There is an enormously obvious theological connection here. Shame is due to the inability to measure up. The allegory of creation illustrates this perfectly. When humanity fell and ate the proverbial apple, we suddenly became aware of the yardstick--the tree was that which revealed the knowledge of good and evil, and from that moment humans became painfully aware that there was a bar, and that because of our disobedience, we would never reach it. Lutherans call this "the law" and it has two functions--to teach us to live in community and to convict us. In conjunction with the gospel, this is actually a good thing, because it helps us connect to each other and points us to to the cross which redeems. But the gospel is mysterious and counter to how we usually experience the law. Without hearing the gospel, the law pretty much serves to make us aware of our failings. We feel it in our bones. When we do something that isn't 100% selfless, a voice condemns us. When we are greedy or gluttonous, a voice convicts us. When we don't measure up, a voice convicts us, and that conviction leaves us feeling alone. When I was heavy, there was a bar of beauty and self-control and whatever that told me I was bad and that was because of a personal failing which made me unlovable and unworthy.

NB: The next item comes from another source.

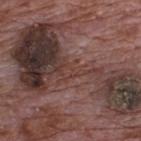Part of a total-body skin-imaging series; this lesion was reviewed on a skin check and was not flagged for biopsy.

This comes in all shapes and sizes. I use this example because it's an obvious one in my life, but there are less obvious sources of shame. To use another personal example (I'm using these because putting them out there takes away their power--yes, I am going to be a pastor and I struggle, no, I am not perfect! Nobody is!): I have always felt dumb. When you have very bright, educated parents, it's hard not to have some pretty high standards for yourself. This was exacerbated by having very bright siblings who were bright in very different, much more socially valued ways than myself (math and music, two things I do not excel at). But it can be as simple as feeling lazy. Americans have ridiculous standards for our pace of life. Or whatever. Everybody experiences it, but nobody talks about it because we are afraid we will be judged and rejected--we are afraid we will be disconnected. But in hiding in shame, we are disconnecting ourselves from a community which is, at its best, meant to support and nurture us through our weaknesses. Again, this is law taken and twisted and wrongly applied to us. It's law without gospel.

My job as a minister is to speak the gospel to people (and often to myself). The gospel is the thing that connects us by adopting us as daughters and sons of God. The gospel is the thing that declares that we are made worthy not by what we do but because of who Christ is. The gospel is that our failings are exactly where God is and wants to be, for God's "power is made perfect in weakness." (2 Cor. 12:9) The gospel adds a but where we desperately need it. I am not a size 2, but... I am fearfully and wonderfully made. I am not an energetic marathoner, but... I was given gifts of silence and calm. I am not... but God has... And because of that, our shame and pain and the ugliest things about ourselves are just a starting point, and the fact that Christ had to come for the whole world only proves that the whole world needed him--because we're all in the same boat. Suddenly our failures aren't things to hide, but things to celebrate because we are connected by our communal need, and more importantly, by the gift that the whole world has been given. There's a billboard or bumper sticker or something I've seen around that says something like: "The church is not a hotel for perfect people but a hospital for the wounded."

I think the job of the church, aside from radically declaring the gospel of Jesus Christ risen for all, is to stop pretending to be so damn perfect. We're not. I'm sure not. There are divorced people and abused people and tax dodgers and speeders and adulterers and sick people and hurt people and fearful people and anxious people, but I guarantee there are no perfect ones. If we would speak more openly about the ways we've failed maybe we could start to chip away at this insidious idea that we need to be a certain way or do certain things. We don't. We never can, never could, never did, never will. But God does. And because of that we're free, knowing how valuable we are, to live our our calls to minister to other broken people.